(RECORDS PROVIDED)

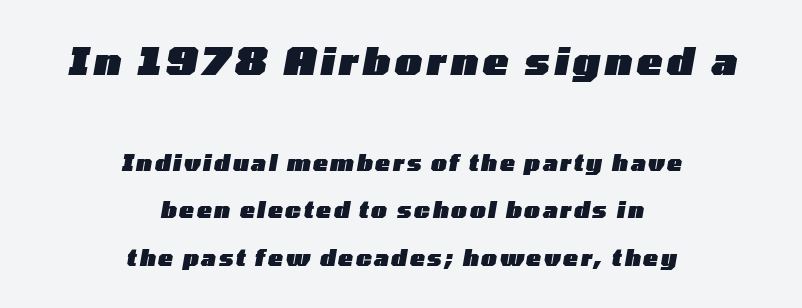
The image shows 38 px heavy, wide type, italic (leaning right); set centered, loose line spacing (2.15x), not underlined; the first (top) block is 1.73x larger; low stroke contrast and a medium x-height.
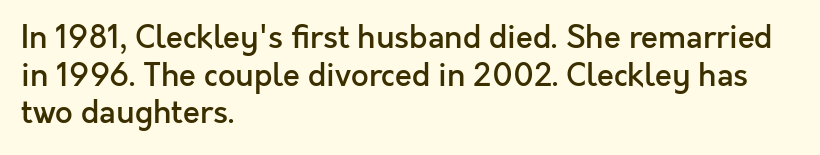
Q: Is the text bold? A: Semi-bold.
Q: Is the text italic (slanted)? A: No, it is upright.
Q: Is the typeface a serif or a sans-serif typeface? A: Sans-serif.
Q: Is the text underlined? A: No.
Q: How is the paragraph aligned? A: Left-aligned.
Q: Is the spacing between letters normal or unusually wide? A: Normal.
Q: Width (condensed, normal, or wide)? A: Normal.
Q: x-height? A: Medium.
Q: Monospaced? A: No.
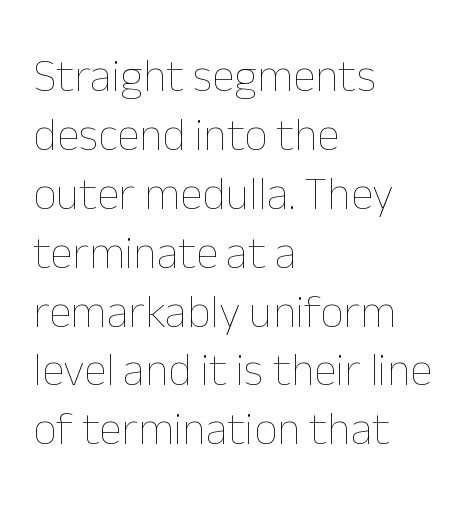
Q: Is the text bold? A: No.
Q: Is the text italic (slanted)? A: No, it is upright.
Q: Is the text underlined? A: No.
Q: How is the paragraph aligned? A: Left-aligned.
Q: Is the spacing between letters normal or unusually wide? A: Normal.
Q: Is the spacing between lines tight, normal or loose? A: Normal.
Q: Width (condensed, normal, or wide)? A: Normal.
Q: Stroke contrast? A: Low.
Q: x-height? A: Medium.
Q: Monospaced? A: No.
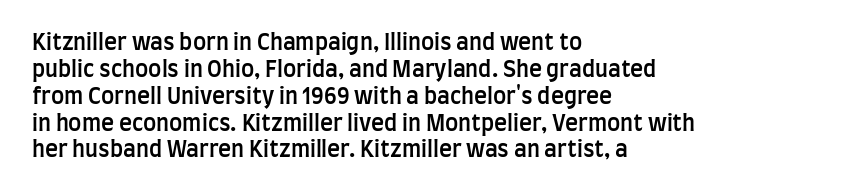
The image shows 22 px text type, upright; set left-aligned, line spacing 1.22x, normal letter spacing, not underlined.
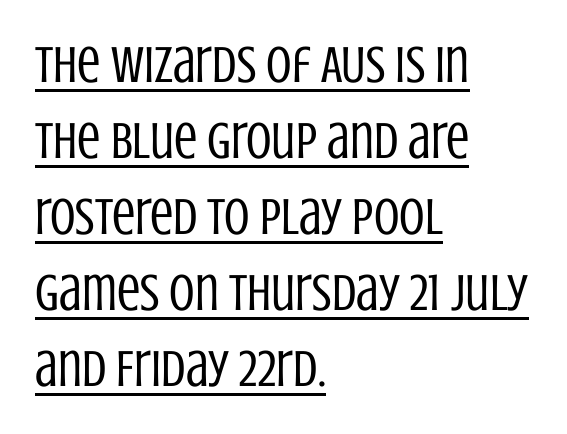
The image shows 52 px regular-weight, condensed sans-serif type, upright; set left-aligned, normal line spacing (1.46x), normal letter spacing, underlined; low stroke contrast and a large x-height.
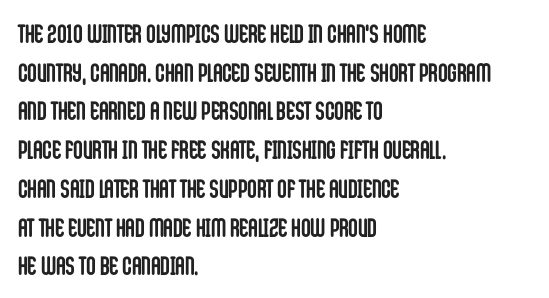
The image shows 26 px bold type, upright; set left-aligned, normal line spacing (1.49x), normal letter spacing, not underlined.
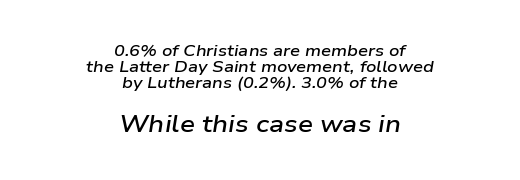
Character size in the trailing block exceeds that of the leading block. Each new line begins almost immediately beneath the previous one. Leftover space on each line is divided equally before and after the words. Rule under the text: the space is simply empty. Observe the lean: these are italic letterforms.
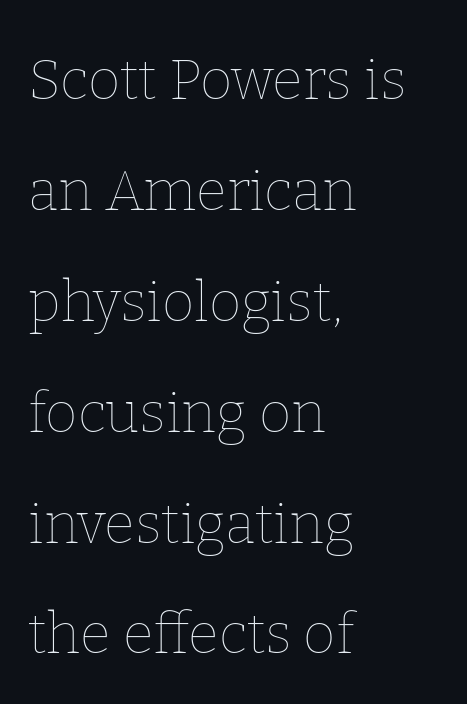
The image shows 56 px thin type, upright; set left-aligned, loose line spacing (1.98x), normal letter spacing, not underlined; low stroke contrast and a medium x-height.
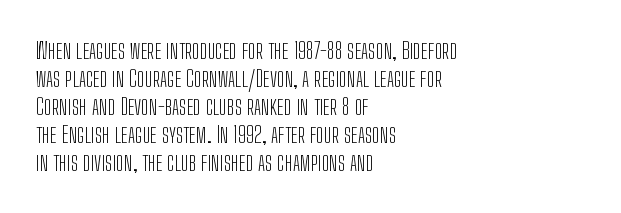
Every stem runs plumb, perpendicular to the baseline. Layout note: lines flush left. Decoration check: the copy has no underline. Short note: letters normally spaced.
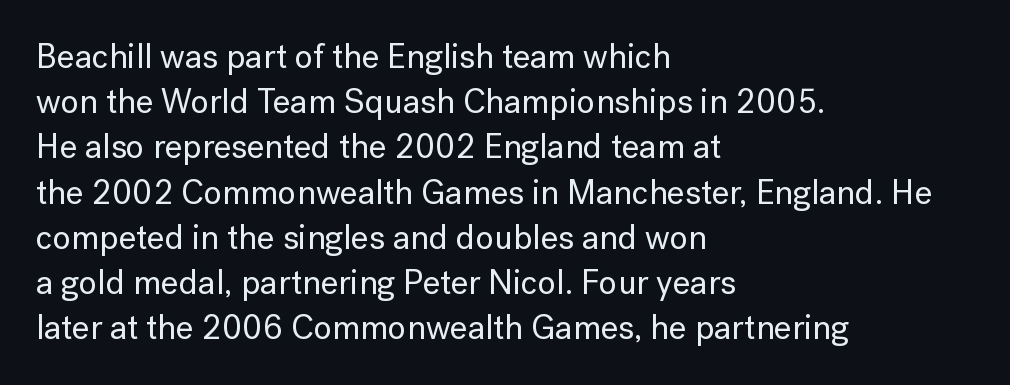
Q: Is the text italic (slanted)? A: No, it is upright.
Q: Is the typeface a serif or a sans-serif typeface? A: Sans-serif.
Q: Is the text underlined? A: No.
Q: How is the paragraph aligned? A: Left-aligned.
Q: Is the spacing between letters normal or unusually wide? A: Normal.
Q: Is the spacing between lines tight, normal or loose? A: Normal.
Q: Width (condensed, normal, or wide)? A: Normal.
Q: Stroke contrast? A: Low.
Q: x-height? A: Medium.
Q: Monospaced? A: No.
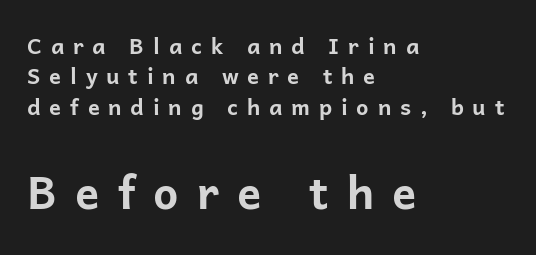
Regular leading. Characters follow at a spacing far wider than the type designer built in. Character widths vary here, with narrow letters taking less room than wide ones. The glyphs in this specimen are sans serif. Typographic density is high because the face is bold.
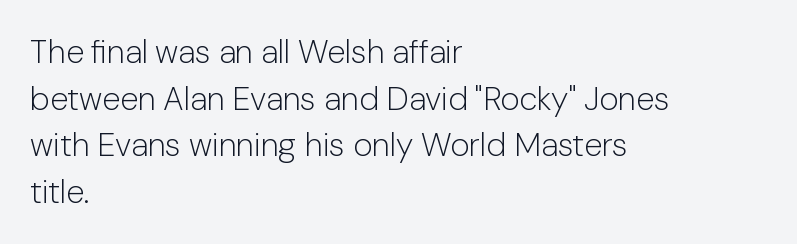
Q: Is the text bold? A: No.
Q: Is the text italic (slanted)? A: No, it is upright.
Q: Is the typeface a serif or a sans-serif typeface? A: Sans-serif.
Q: Is the text underlined? A: No.
Q: How is the paragraph aligned? A: Left-aligned.
Q: Is the spacing between letters normal or unusually wide? A: Normal.
Q: Is the spacing between lines tight, normal or loose? A: Normal.
Q: Width (condensed, normal, or wide)? A: Normal.
Q: Stroke contrast? A: Low.
Q: x-height? A: Medium.
Q: Monospaced? A: No.
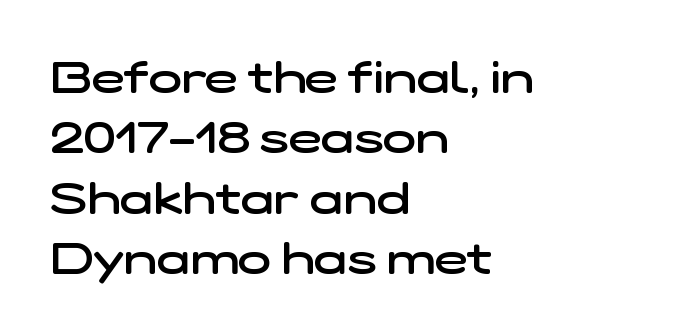
Q: Is the text bold? A: Semi-bold.
Q: Is the typeface a serif or a sans-serif typeface? A: Sans-serif.
Q: Is the text underlined? A: No.
Q: How is the paragraph aligned? A: Left-aligned.
Q: Is the spacing between letters normal or unusually wide? A: Normal.
Q: Is the spacing between lines tight, normal or loose? A: Normal.
Q: Width (condensed, normal, or wide)? A: Wide.
Q: Stroke contrast? A: Low.
Q: x-height? A: Medium.
Q: Monospaced? A: No.
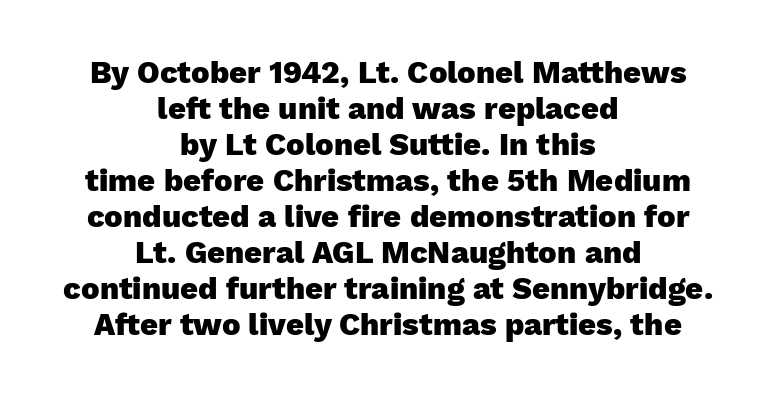
The sample has been set heavy, in full bold. You could not count columns in this text — the font is proportionally spaced. Reading down the block, each line starts at a different indent, mirrored at its end. The lettering holds an erect, upright posture throughout. You can tell from the bare stems that sans-serif type was used.
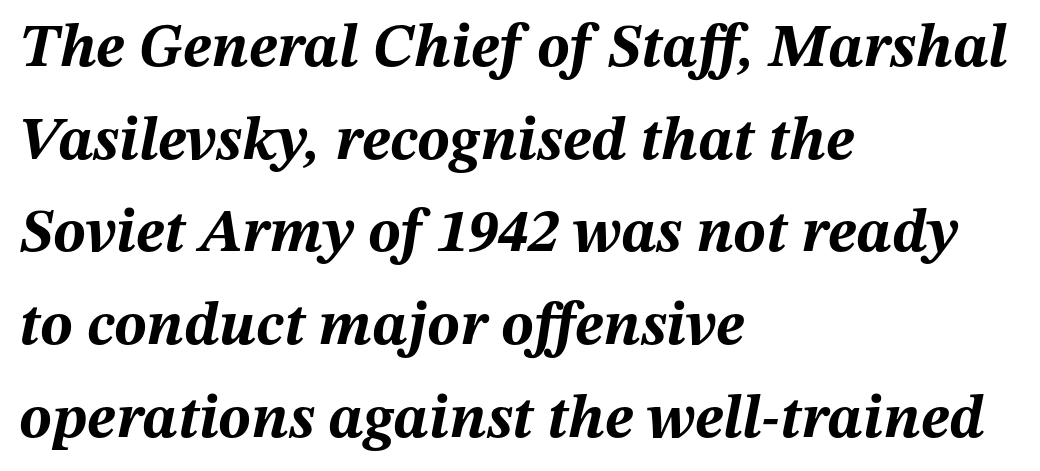
{"italic": "yes", "lean": "right", "slant_degrees": 12, "bold": "yes", "weight": "bold", "width": "normal", "stroke_contrast": "medium", "x_height": "medium", "monospaced": "no", "underline": "no", "align": "left", "line_spacing": "normal", "line_spacing_ratio": 1.52, "letter_spacing": "normal", "letter_spacing_em": 0.0, "glyph_px": 61}
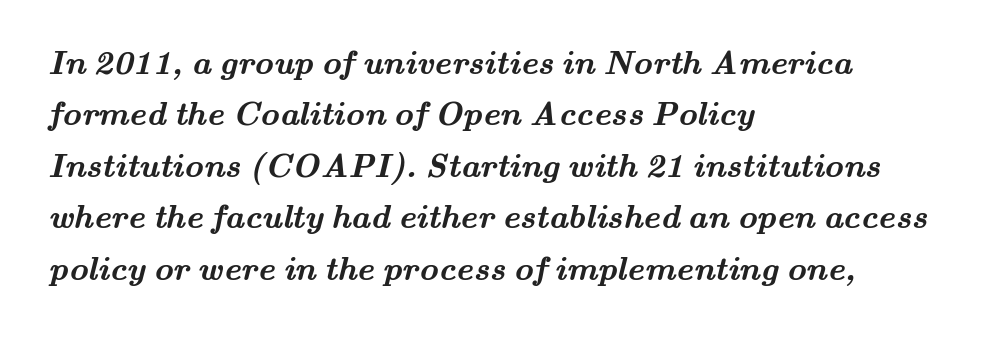
The image shows 33 px semibold, wide serif type; set left-aligned, normal line spacing (1.56x), normal letter spacing, not underlined; medium stroke contrast and a small x-height.
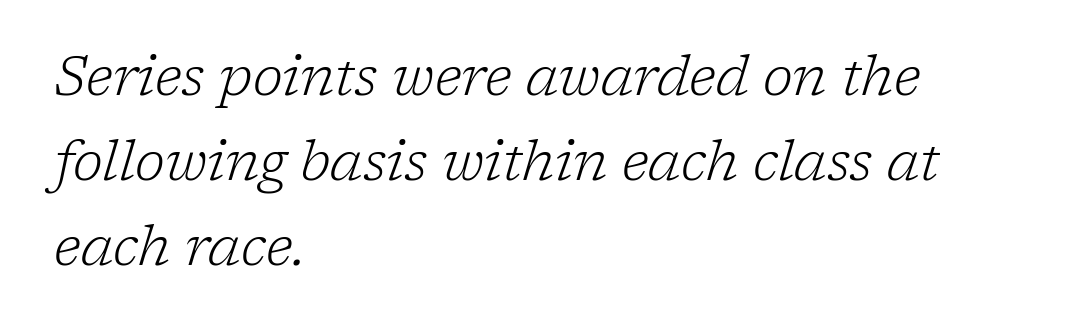
The image shows 55 px light serif type, italic (leaning right); set left-aligned, normal line spacing (1.55x), normal letter spacing, not underlined; low stroke contrast and a medium x-height.
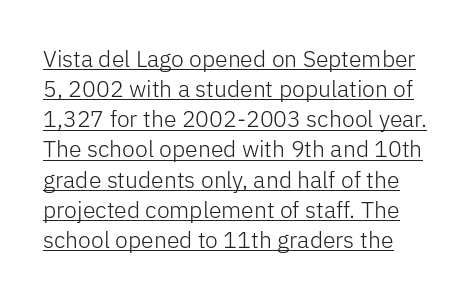
Designer's note — italics off, roman on. A typesetter would call this zero additional tracking. Counters stay open thanks to moderate or lighter strokes. What decoration does the sample have? An underline.
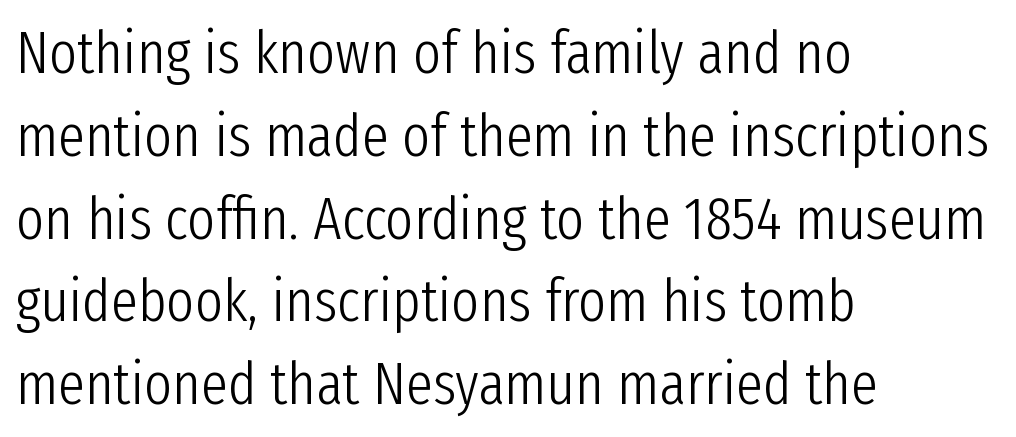
Q: Is the text bold? A: No.
Q: Is the text italic (slanted)? A: No, it is upright.
Q: Is the typeface a serif or a sans-serif typeface? A: Sans-serif.
Q: Is the text underlined? A: No.
Q: How is the paragraph aligned? A: Left-aligned.
Q: Is the spacing between letters normal or unusually wide? A: Normal.
Q: Is the spacing between lines tight, normal or loose? A: Normal.
Q: Width (condensed, normal, or wide)? A: Condensed.
Q: Stroke contrast? A: Low.
Q: x-height? A: Medium.
Q: Monospaced? A: No.
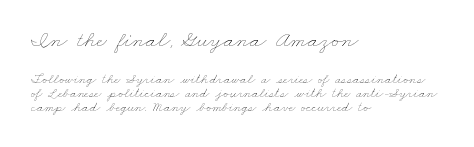
The image shows 23 px text type; set left-aligned, tight line spacing (1.01x), normal letter spacing, not underlined; the first (top) block is 1.64x larger.
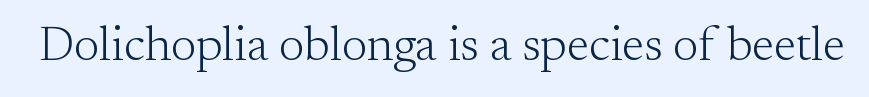
Heaviness? Minimal to ordinary, like unemphasized prose. Notice how the stems are strictly vertical — no italics here. Any mark beneath the type? The region is blank. Inter-character spacing is left at the font's built-in metrics. You can tell from the footed stems that serif type was used.
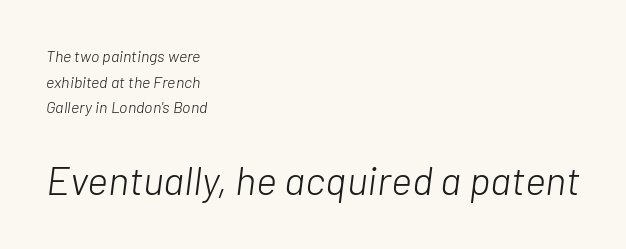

(End RECORDS PROVIDED)

*YOUR GOAL:*
Please output exactly the lines of the data above, from its first line through the line with "The image shows 26", and nothing else; drop the pictures.

*RESULT BELOW:*
The image shows 38 px heavy, wide type, italic (leaning right); set centered, loose line spacing (2.15x), not underlined; the first (top) block is 1.73x larger; low stroke contrast and a medium x-height.
Q: Is the text bold? A: Semi-bold.
Q: Is the text italic (slanted)? A: No, it is upright.
Q: Is the typeface a serif or a sans-serif typeface? A: Sans-serif.
Q: Is the text underlined? A: No.
Q: How is the paragraph aligned? A: Left-aligned.
Q: Is the spacing between letters normal or unusually wide? A: Normal.
Q: Width (condensed, normal, or wide)? A: Normal.
Q: x-height? A: Medium.
Q: Monospaced? A: No.
Q: Is the text bold? A: No.
Q: Is the text italic (slanted)? A: No, it is upright.
Q: Is the text underlined? A: No.
Q: How is the paragraph aligned? A: Left-aligned.
Q: Is the spacing between letters normal or unusually wide? A: Normal.
Q: Is the spacing between lines tight, normal or loose? A: Normal.
Q: Width (condensed, normal, or wide)? A: Normal.
Q: Stroke contrast? A: Low.
Q: x-height? A: Medium.
Q: Monospaced? A: No.
The image shows 22 px text type, upright; set left-aligned, line spacing 1.22x, normal letter spacing, not underlined.
The image shows 52 px regular-weight, condensed sans-serif type, upright; set left-aligned, normal line spacing (1.46x), normal letter spacing, underlined; low stroke contrast and a large x-height.
The image shows 26 px bold type, upright; set left-aligned, normal line spacing (1.49x), normal letter spacing, not underlined.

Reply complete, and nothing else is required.